You all know when politicians’ obsession with self-preservation is getting in the way of chasing real solutions, you feel it. So, the cynicism sets in. The American people know that folks in power more focused on themselves than the people who sent them to Washington.
And so today, here at the Aspen Institute forum, we can choose a different path. I would dare us to dream big. All of a sudden, enough money devoted to ICE to provide a universal pre-K is just one example of what I mean. It is an issue of priorities.
So, in closing, and nobody believes a Baptist preacher when he says in closing.
One of the proudest moments I’ve had in this work in the Senate is the day we confirmed Ketanji Brown Jackson to the United States Supreme Court. Regardless of your politics, we all recognize that it was a grand and historic moment, which kind of bearing witness to the American covenant. E pluribus unum. Out of many, one.
So, the chamber was full that day, on both sides of the aisle, and there I was standing, talking to my colleague, Cory Booker, and sitting in the chair was the Vice President Kamala Harris. The three of us standing there talking to each other, with her sitting in the chair. At that time, we were more than a quarter of the Black United States senators who’ve ever served in the history of the Republic, three Black people having a conversation on the floor of the Senate. They’ve now been 14 at the time they’ve been elected.
And as we were sitting there, Vice President said, ‘guys, this is quite a moment.’ I said, ‘yes, it is.’ She said, ‘you know what you ought to do. You ought to write a letter to somebody you’re thinking about in this historic moment’, she made that suggestion, in the way that Black women make suggestions; If you know, you know.
Anyways, then she handed each of us a sheet of paper! But it wasn’t just any sheet of paper, it was the letterhead of the Vice President of the United States. And I actually went back to my office, and I sat down and I wrote a letter, because the only job I love more than being a pastor and a Senator is father to my two little children.
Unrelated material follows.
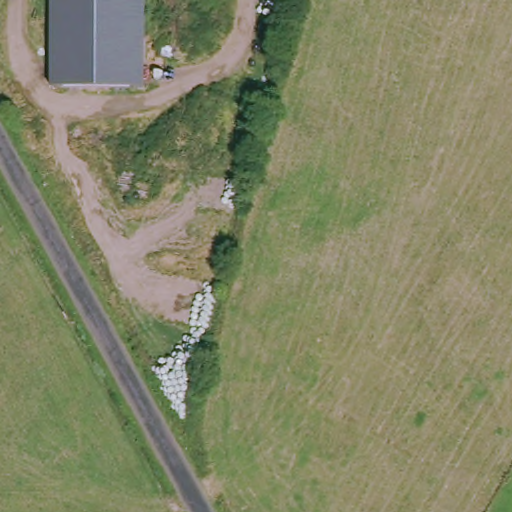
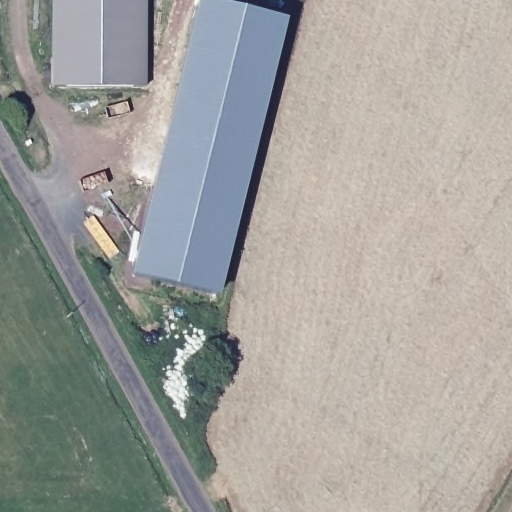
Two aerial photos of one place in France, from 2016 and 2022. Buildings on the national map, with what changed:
unchanged [(142,86),(50,86),(50,0),(144,0),(142,86)]
new [(130,277),(197,1),(285,21),(217,297),(130,277)]

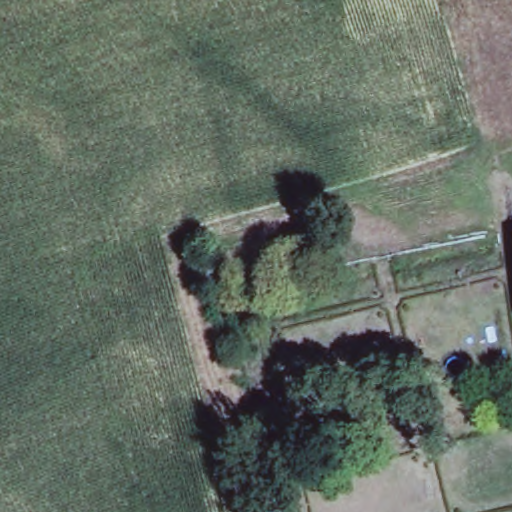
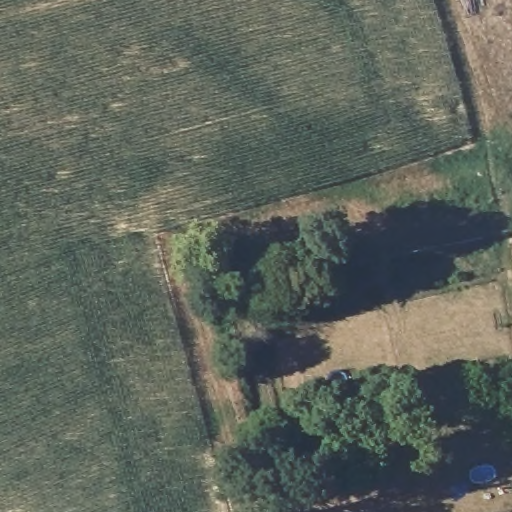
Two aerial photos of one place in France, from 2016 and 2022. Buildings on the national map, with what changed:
[]

And I wrote a letter to my daughter.
I said, Dear Chloe, today we confirm to the United States Supreme Court Ketanji Brown Jackson. In the long history of our country, she’s the first Supreme Court Justice who looks like you, with hair like yours. As we were confirming her, a friend of mine, the Vice President, suggested that I write a letter. In the long history of our republic, she’s the first Vice President who looks like you. I write to you to say that in America, you can become whatever you set your heart and your head to become. Love, Dad.
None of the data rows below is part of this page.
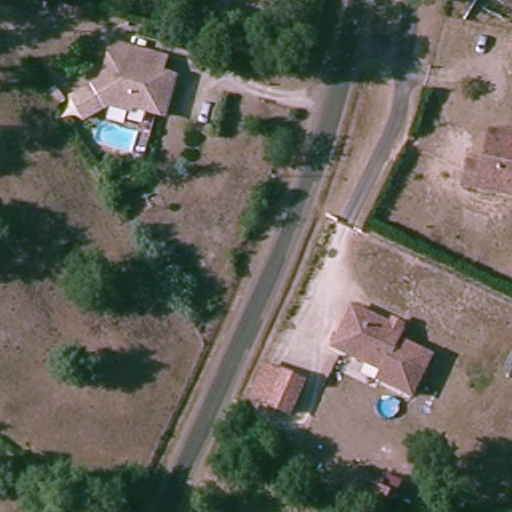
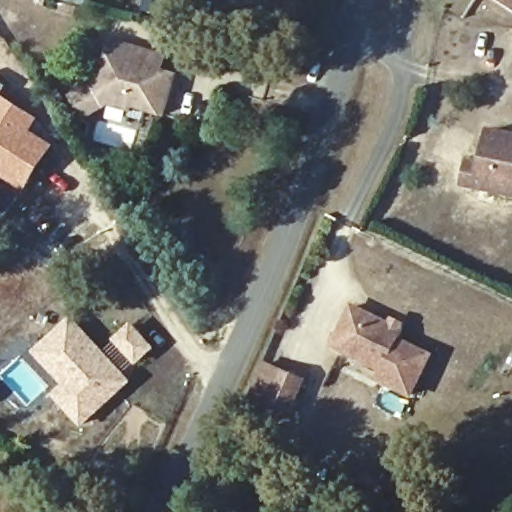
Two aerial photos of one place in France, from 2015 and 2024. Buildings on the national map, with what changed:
unchanged [(507,0),(512,0),(512,4),(507,0)]
unchanged [(171,110),(139,100),(138,105),(116,98),(83,120),(67,98),(109,74),(121,35),(141,42),(136,57),(183,71),(171,110)]
new [(3,95),(40,119),(33,131),(54,145),(24,194),(4,181),(0,186),(0,81),(9,87),(3,95)]
unchanged [(512,132),(512,192),(472,183),(478,160),(492,163),(499,130),(512,132)]
unchanged [(407,327),(402,336),(434,353),(414,392),(382,375),(387,366),(339,341),(359,303),(407,327)]
new [(72,315),(133,381),(80,429),(50,396),(61,385),(31,352),(72,315)]
new [(131,322),(155,348),(134,368),(109,342),(131,322)]
unchanged [(291,411),(271,402),(286,370),(306,379),(291,411)]

That was my letter to my own little daughter, who, at the time, was five years old. I was so moved by the moment and its implications for her and kids like her all across our country, red, yellow, brown, Black and white, poor kids everywhere, that I couldn’t mail the letter or wait till I got home. I called her on FaceTime and I read the letter; she listened to the letter.
She was not impressed.
She said, can I go out and play now? She didn’t understand it then. She was just five years old, but she’ll understand it better, as we say in my church, by and by.
As I close, I would say to us at this forum that public policy is a letter that we write to our children. We ought to ask ourselves what we want that letter to say, and a little child shall read it.”